- TASK INSTRUCTIONS
Please set down the entries below once more, exactly.
★ ★ ★
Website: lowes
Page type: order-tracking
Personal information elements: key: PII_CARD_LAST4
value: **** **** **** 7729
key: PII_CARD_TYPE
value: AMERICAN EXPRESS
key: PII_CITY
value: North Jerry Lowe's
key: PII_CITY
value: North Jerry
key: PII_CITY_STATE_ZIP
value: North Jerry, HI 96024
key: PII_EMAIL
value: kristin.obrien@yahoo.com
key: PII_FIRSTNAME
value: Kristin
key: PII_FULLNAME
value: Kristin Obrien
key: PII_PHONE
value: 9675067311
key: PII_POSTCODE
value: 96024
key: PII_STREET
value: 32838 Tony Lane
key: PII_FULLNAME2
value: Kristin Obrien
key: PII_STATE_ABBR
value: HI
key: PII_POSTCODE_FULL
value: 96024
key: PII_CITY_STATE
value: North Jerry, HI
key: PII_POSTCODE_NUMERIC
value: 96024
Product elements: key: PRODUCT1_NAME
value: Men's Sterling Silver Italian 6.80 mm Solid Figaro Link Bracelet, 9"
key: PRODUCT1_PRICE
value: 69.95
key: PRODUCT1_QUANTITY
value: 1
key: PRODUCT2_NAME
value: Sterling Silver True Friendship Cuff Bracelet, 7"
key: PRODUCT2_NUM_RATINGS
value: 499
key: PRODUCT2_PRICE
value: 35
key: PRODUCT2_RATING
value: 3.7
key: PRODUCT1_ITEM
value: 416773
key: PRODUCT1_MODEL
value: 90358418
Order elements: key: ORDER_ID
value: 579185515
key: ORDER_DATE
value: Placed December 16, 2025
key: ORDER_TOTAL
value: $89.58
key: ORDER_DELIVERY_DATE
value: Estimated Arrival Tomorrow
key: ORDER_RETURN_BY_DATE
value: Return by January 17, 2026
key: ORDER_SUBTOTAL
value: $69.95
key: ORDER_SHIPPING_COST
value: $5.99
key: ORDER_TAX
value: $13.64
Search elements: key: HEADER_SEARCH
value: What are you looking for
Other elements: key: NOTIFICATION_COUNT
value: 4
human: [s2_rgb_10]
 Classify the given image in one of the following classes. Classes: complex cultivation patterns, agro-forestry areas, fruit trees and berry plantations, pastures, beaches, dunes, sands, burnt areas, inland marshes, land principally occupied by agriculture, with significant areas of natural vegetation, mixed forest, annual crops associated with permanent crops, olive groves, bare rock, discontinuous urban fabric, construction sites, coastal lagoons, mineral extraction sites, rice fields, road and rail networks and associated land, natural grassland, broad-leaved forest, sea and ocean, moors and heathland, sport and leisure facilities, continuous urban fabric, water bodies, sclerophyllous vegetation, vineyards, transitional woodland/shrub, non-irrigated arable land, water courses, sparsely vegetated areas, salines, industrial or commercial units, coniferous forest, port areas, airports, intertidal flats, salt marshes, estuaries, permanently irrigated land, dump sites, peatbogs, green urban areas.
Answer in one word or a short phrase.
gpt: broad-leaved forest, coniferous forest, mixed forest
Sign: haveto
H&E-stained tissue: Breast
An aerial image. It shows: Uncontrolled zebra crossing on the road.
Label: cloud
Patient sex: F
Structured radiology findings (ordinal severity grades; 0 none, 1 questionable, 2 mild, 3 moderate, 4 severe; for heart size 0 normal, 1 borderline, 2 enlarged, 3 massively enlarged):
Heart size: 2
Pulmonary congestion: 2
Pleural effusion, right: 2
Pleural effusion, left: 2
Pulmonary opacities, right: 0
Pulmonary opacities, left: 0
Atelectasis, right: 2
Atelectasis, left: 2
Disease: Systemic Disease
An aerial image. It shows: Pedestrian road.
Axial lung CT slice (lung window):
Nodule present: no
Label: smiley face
★ ★ ★
- SOLUTION FOR THIS TASK
Website: lowes
Page type: order-tracking
Personal information elements: key: PII_CARD_LAST4
value: **** **** **** 7729
key: PII_CARD_TYPE
value: AMERICAN EXPRESS
key: PII_CITY
value: North Jerry Lowe's
key: PII_CITY
value: North Jerry
key: PII_CITY_STATE_ZIP
value: North Jerry, HI 96024
key: PII_EMAIL
value: kristin.obrien@yahoo.com
key: PII_FIRSTNAME
value: Kristin
key: PII_FULLNAME
value: Kristin Obrien
key: PII_PHONE
value: 9675067311
key: PII_POSTCODE
value: 96024
key: PII_STREET
value: 32838 Tony Lane
key: PII_FULLNAME2
value: Kristin Obrien
key: PII_STATE_ABBR
value: HI
key: PII_POSTCODE_FULL
value: 96024
key: PII_CITY_STATE
value: North Jerry, HI
key: PII_POSTCODE_NUMERIC
value: 96024
Product elements: key: PRODUCT1_NAME
value: Men's Sterling Silver Italian 6.80 mm Solid Figaro Link Bracelet, 9"
key: PRODUCT1_PRICE
value: 69.95
key: PRODUCT1_QUANTITY
value: 1
key: PRODUCT2_NAME
value: Sterling Silver True Friendship Cuff Bracelet, 7"
key: PRODUCT2_NUM_RATINGS
value: 499
key: PRODUCT2_PRICE
value: 35
key: PRODUCT2_RATING
value: 3.7
key: PRODUCT1_ITEM
value: 416773
key: PRODUCT1_MODEL
value: 90358418
Order elements: key: ORDER_ID
value: 579185515
key: ORDER_DATE
value: Placed December 16, 2025
key: ORDER_TOTAL
value: $89.58
key: ORDER_DELIVERY_DATE
value: Estimated Arrival Tomorrow
key: ORDER_RETURN_BY_DATE
value: Return by January 17, 2026
key: ORDER_SUBTOTAL
value: $69.95
key: ORDER_SHIPPING_COST
value: $5.99
key: ORDER_TAX
value: $13.64
Search elements: key: HEADER_SEARCH
value: What are you looking for
Other elements: key: NOTIFICATION_COUNT
value: 4
human: [s2_rgb_10]
 Classify the given image in one of the following classes. Classes: complex cultivation patterns, agro-forestry areas, fruit trees and berry plantations, pastures, beaches, dunes, sands, burnt areas, inland marshes, land principally occupied by agriculture, with significant areas of natural vegetation, mixed forest, annual crops associated with permanent crops, olive groves, bare rock, discontinuous urban fabric, construction sites, coastal lagoons, mineral extraction sites, rice fields, road and rail networks and associated land, natural grassland, broad-leaved forest, sea and ocean, moors and heathland, sport and leisure facilities, continuous urban fabric, water bodies, sclerophyllous vegetation, vineyards, transitional woodland/shrub, non-irrigated arable land, water courses, sparsely vegetated areas, salines, industrial or commercial units, coniferous forest, port areas, airports, intertidal flats, salt marshes, estuaries, permanently irrigated land, dump sites, peatbogs, green urban areas.
Answer in one word or a short phrase.
gpt: broad-leaved forest, coniferous forest, mixed forest
Sign: haveto
H&E-stained tissue: Breast
An aerial image. It shows: Uncontrolled zebra crossing on the road.
Label: cloud
Patient sex: F
Structured radiology findings (ordinal severity grades; 0 none, 1 questionable, 2 mild, 3 moderate, 4 severe; for heart size 0 normal, 1 borderline, 2 enlarged, 3 massively enlarged):
Heart size: 2
Pulmonary congestion: 2
Pleural effusion, right: 2
Pleural effusion, left: 2
Pulmonary opacities, right: 0
Pulmonary opacities, left: 0
Atelectasis, right: 2
Atelectasis, left: 2
Disease: Systemic Disease
An aerial image. It shows: Pedestrian road.
Axial lung CT slice (lung window):
Nodule present: no
Label: smiley face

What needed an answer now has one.